La kefala est un concept juridique reconnu au niveau international. Ainsi, la Convention des Nations unies du 20 novembre 1989 relative aux droits de l’enfant reconnaît dans son article 20, comme moyen de protection aux côtés de l’adoption, "le placement dans une famille, la kefala de droit islamique ou, en cas de nécessité, le placement dans une institution". Au Maroc, cette procédure est actuellement régie par la loi 15-1 relative à la prise en charge des enfants abandonnés, promulguée par le dahir n°1-02-172 du 13 juin 2002. Elle consiste en "l’engagement de prendre en charge la protection, l’éducation et l’entretien d’un enfant abandonné au même titre que le ferait un père pour son enfant. La kefala ne donne pas de droits à la filiation ni à la succession". C’est le juge des tutelles du tribunal de première instance qui rend une ordonnance confiant la kefala de l’enfant abandonné au couple ou à l’institution qui la demande. Parmi les avancées notables de cette loi, la possibilité pour une femme musulmane remplissant les mêmes conditions que celles demandées aux couples, d’introduire une demande de kefala. Pour être exigible, il faut être musulman, avoir l’âge de la majorité légale et être moralement et socialement apte à assurer la kefala et disposer des moyens matériels suffisants pour subvenir à ses besoins.
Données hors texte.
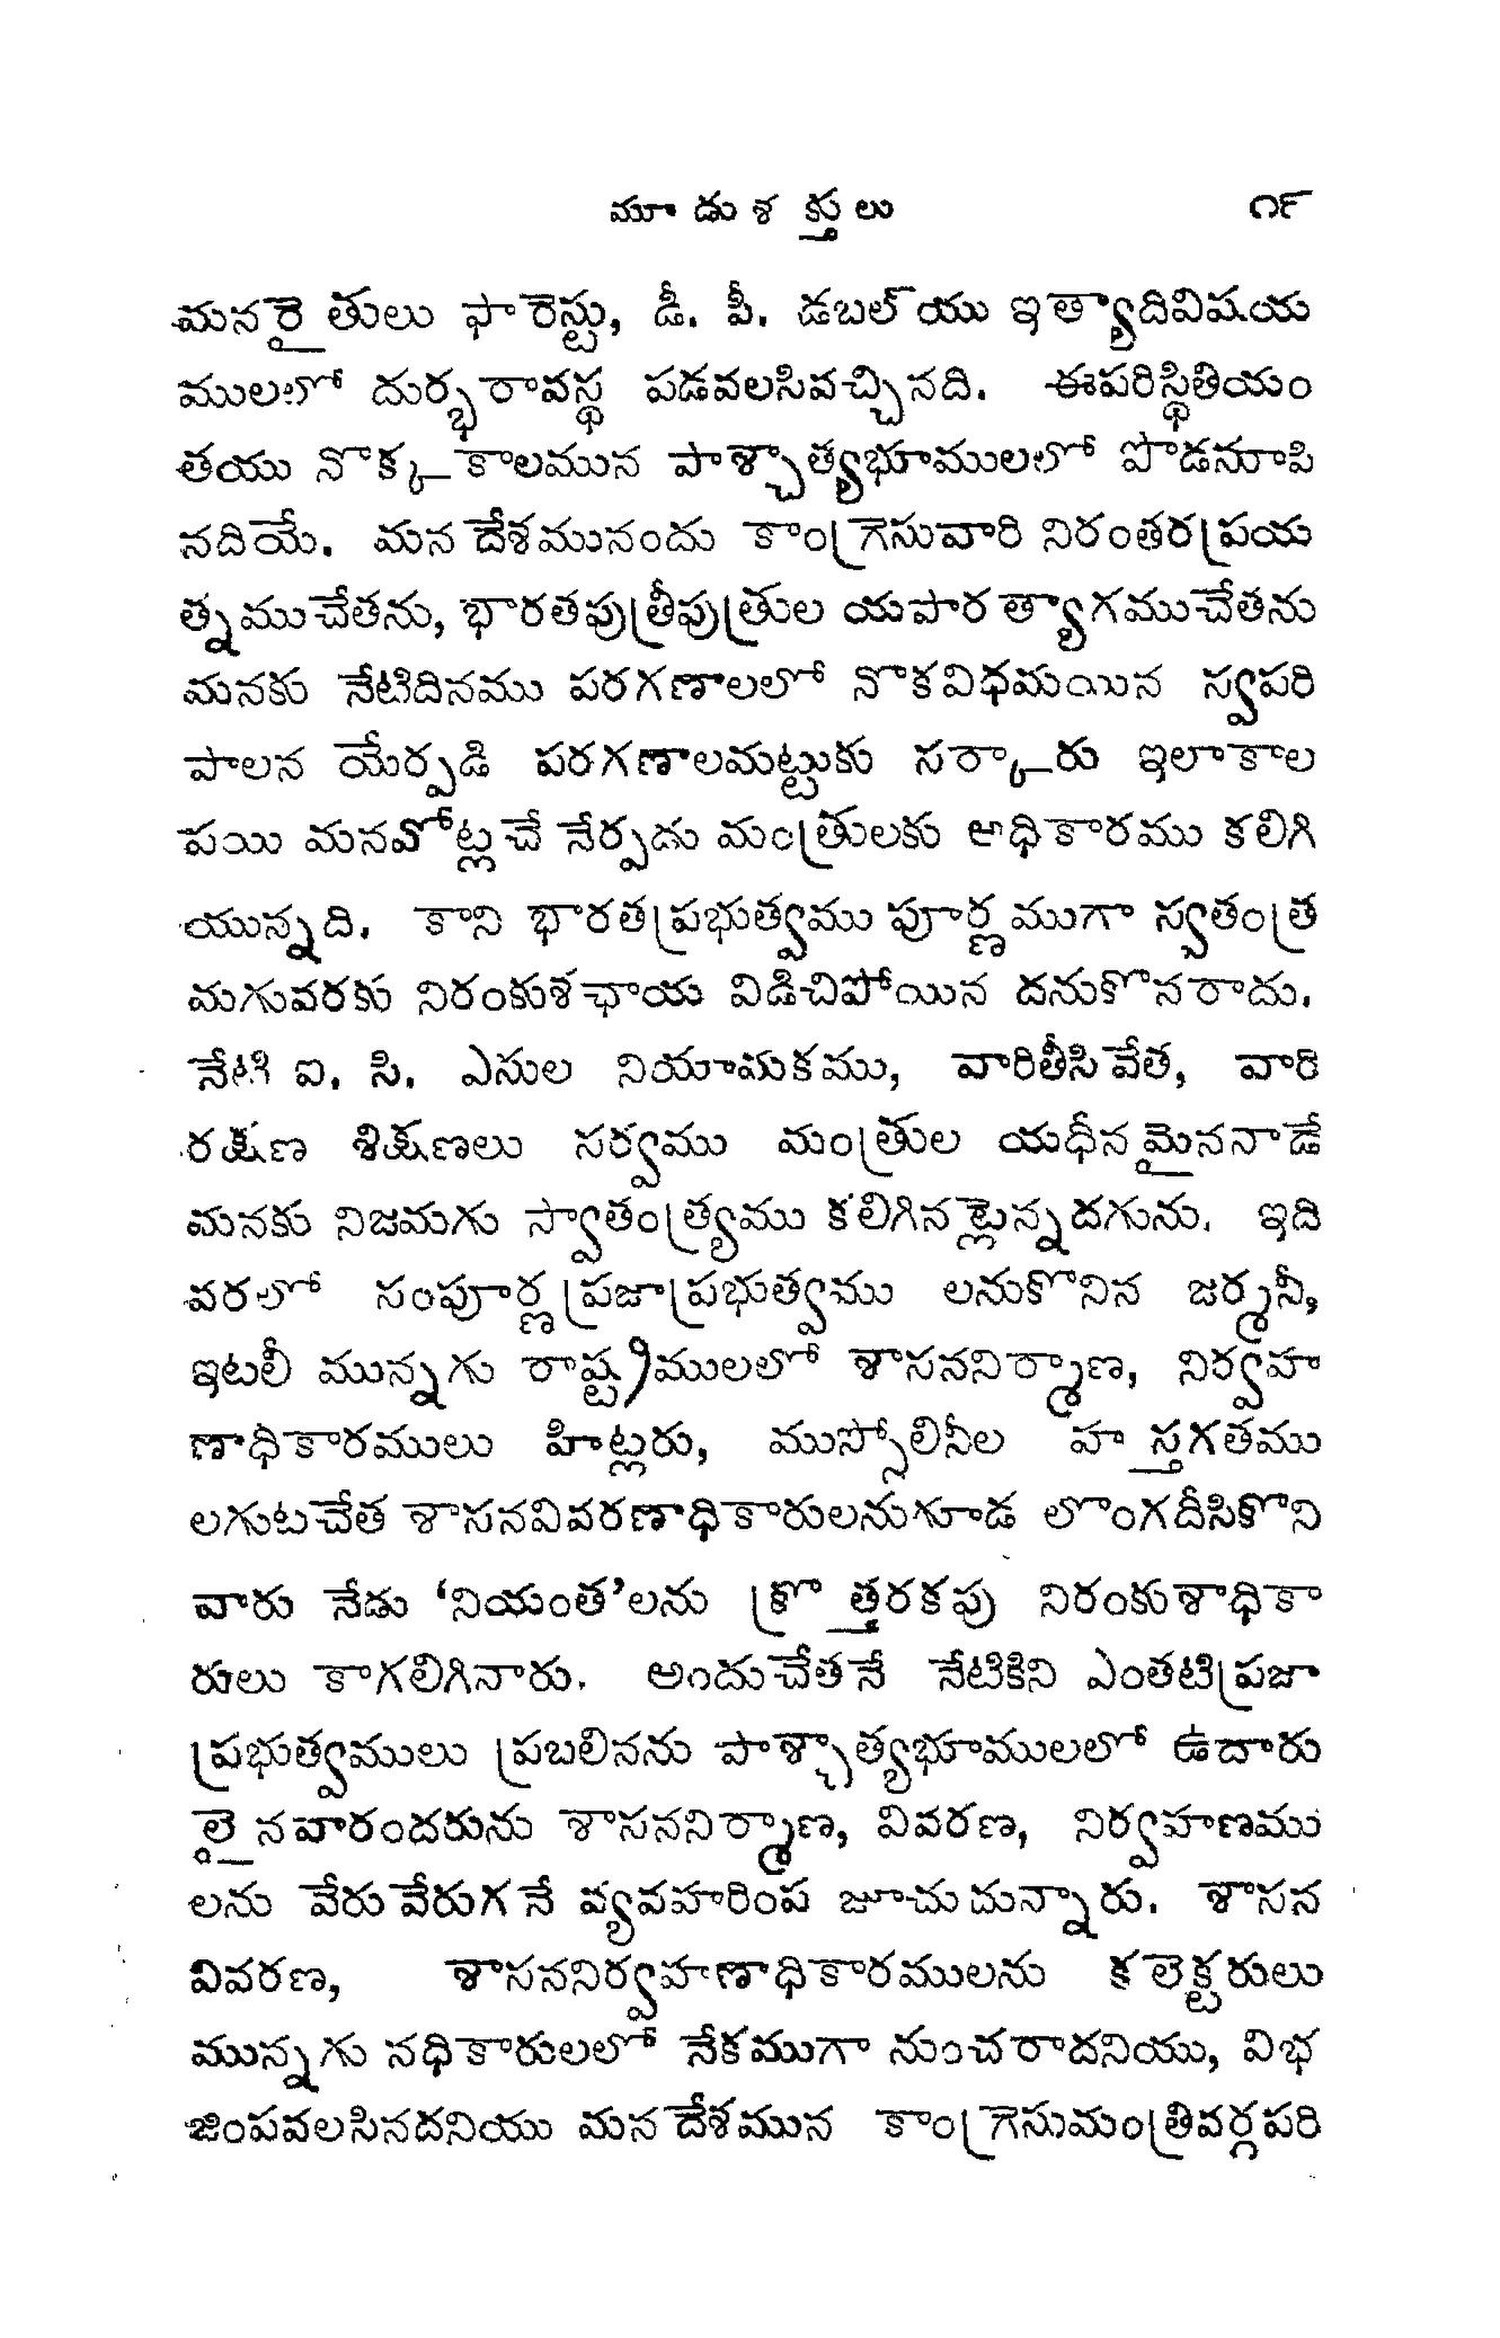మనరైతులు ఫారెస్టు, డీ. పీ. డబల్ యు ఇత్యాదివిషయములలో దుర్భరావస్థ పడవలసివచ్చినది. ఈపరిస్థితియంతయు నొక్క కాలమున పాశ్చాత్యభూములలో పొడసూపినదియే. మనదేశమునందు కాంగ్రెసువారి నిరంతరప్రయత్నముచేతను, భారతపుత్రీపుత్రుల యపారత్యాగముచేతను మనకు నేటిదినము పరగణాలలో నొకవిధమయిన స్వపరిపాలన యేర్పడి పరగణాలమట్టుకు సర్కారు ఇలాకాలపయి మనవోట్లచే నేర్పడు మంత్రులకు అధికారము కలిగియున్నది. కాని భారతప్రభుత్వము పూర్ణముగా స్వతంత్రమగువరకు నిరంకుశఛాయ విడిచిపోయిన దనుకొనరాదు. నేటి ఐ. సి, ఎసుల నియామకము, వారితీసివేత, వారి రక్షణ శిక్షణలు సర్వము మంత్రుల యధీనమైననాడే మనకు నిజమగు స్వాతంత్ర్యము కలిగినట్లెన్నదగును. ఇదివరలో సంపూర్ణప్రజాప్రభుత్వము లనుకొనిన జర్మనీ,
ఇటలీ మున్నగు రాష్ట్రములలో శాసననిర్మాణ, నిర్వహణాధికారములు హిట్లరు, ముస్సోలినీల హస్తగతములగుటచేత శాసనవివరణాధికారులనుగూడ లొంగదీసికొని వారు నేడు 'నియంత'లను క్రొత్తరకపు నిరంకుశాధికారులు కాగలిగినారు. అందుచేతనే నేటికిని ఎంతటిప్రజాప్రభుత్వములు ప్రబలినను పాశ్చాత్యభూములలో ఉదారులైనవారందరును శాసననిర్మాణ, వివరణ, నిర్వహణములను వేరువేరుగనే వ్యవహరింప జూచుచున్నారు. శాసనవివరణ, శాసననిర్వహణాధి కారములను కలెక్టరులు మున్నగు నధికారులలో నేకముగా నుంచరాదనియు, విభజింపవలసిన దనియు మనదేశమున కాంగ్రెసుమంత్రివర్గపరి
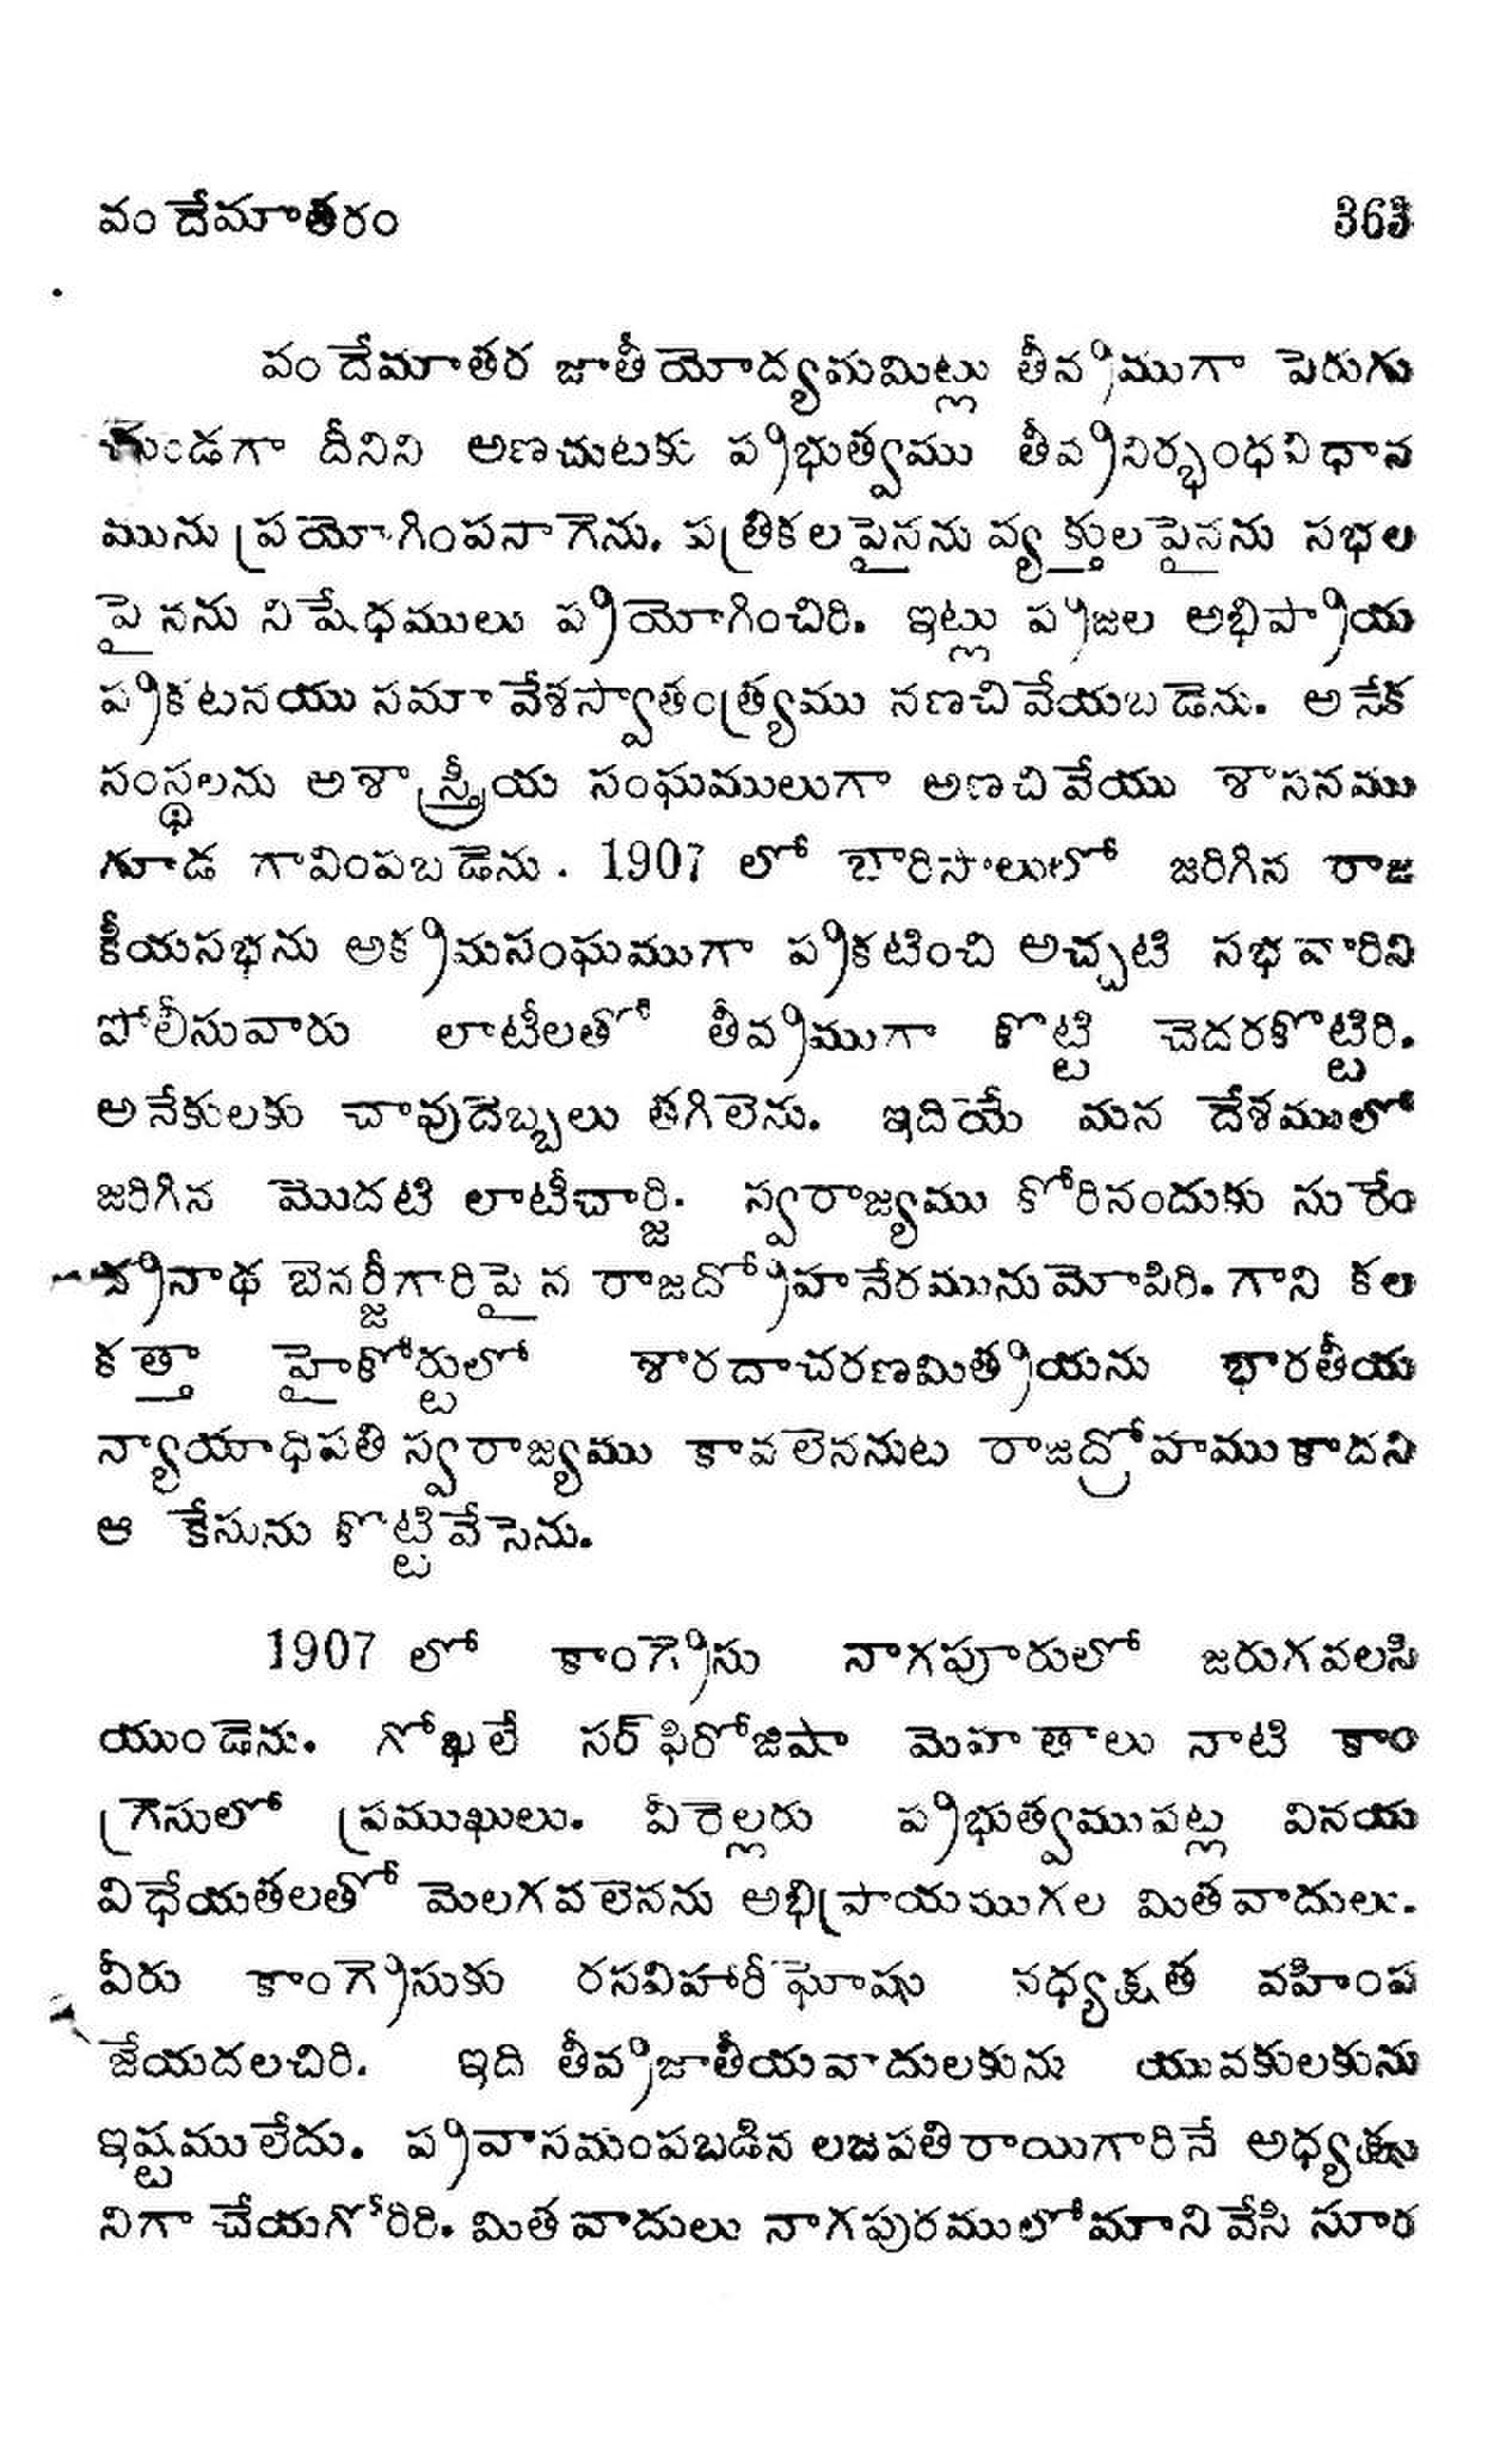వందేమాతర జూతీయోద్యమమిట్లు తీవ్రముగా పెరుగుచుండగా దీనిని అణచుటకు ప్రభుత్వము తీవ్రనిర్బంధవిధానమును ప్రయోగింపసాగెను. పత్రికలపైనను వ్యక్తులపైనను సభలపైనను నిషేధములు ప్రయోగించిరి. ఇట్లు ప్రజల అభిప్రాయ ప్రకటనయు సమావేశస్వాతంత్ర్యము నణచివేయబడెను. అనేక సంస్థలను అశాస్త్రీయ సంఘములుగా అణచివేయు శాసనము గూడ గావింపబడెను . 1907 లో బారిసాలులో జరిగిన రాజకీయసభను అక్రమసంఘముగా ప్రకటించి అచ్చటి సభవారిని పోలీసువారు లాటీలతో తీవ్రముగా కొట్టి చెదరకొట్టిరి. అనేకులకు చావుదెబ్బలు తగిలెను. ఇదియే మన దేశములో జరిగిన మొదటి లాటీచార్జి. స్వరాజ్యము కోరినందుకు సురేంద్రనాథ బెనర్జీగారిపైన రాజద్రోహనేరమునుమోపిరి. గాని కలకత్తా హైకోర్టులో శారదాచరణమిత్రయను భారతీయ న్యాయాధిపతి స్వరాజ్యము కావలెననుట రాజద్రోహము కాదని ఆ కేసును కొట్టివేసెను.

1907 లో కాంగ్రెసు నాగపూరులో జరుగవలసి యుండెను. గోఖలే సర్‌ఫిరోజిషా మెహతాలు నాటి కాంగ్రెసులో ప్రముఖులు. వీరెల్లరు ప్రభుత్వముపట్ల వినయ విధేయతలతో మెలగవలెనను అభిప్రాయముగల మితవాదులు. . వీరు కాంగ్రెసుకు రసవిహారీఘోషు నధ్యక్షత వహింప జేయదలచిరి. ఇది తీవ్రజాతీయవాదులకును యువకులకును ఇష్టములేదు. ప్రవాసమంపబడిన లజపతిరాయిగారినే అధ్యక్షునిగా చేయగోరిరి. మితవాదులు నాగపురములోమానివేసి సూర

Ne pas être atteint de maladies contagieuses ou rendant incapable d’assumer ses responsabilités, ne pas avoir été condamné pour atteinte à la morale ou commise à l’encontre des enfants, ne pas avoir de contentieux juridique avec l’enfant dont est demandé la kefala ou avec ses parents. Après 12 ans, la kefala d’un enfant est subordonnée à son consentement personnel. De la même façon, c’est le juge des tutelles qui octroie l’autorisation, provisoire ou permanente, de sortie du territoire national. Si la personne assurant la kefala souhaite faire bénéficier l’enfant qu’elle a élevé d’un don, d’un legs, de tanzil ou d’aumône, le juge des tutelles du lieu de résidence de l’enfant veille à l’élaboration d’un contrat en ce sens. Mais cela ne pourra dépasser le tiers de l’héritage.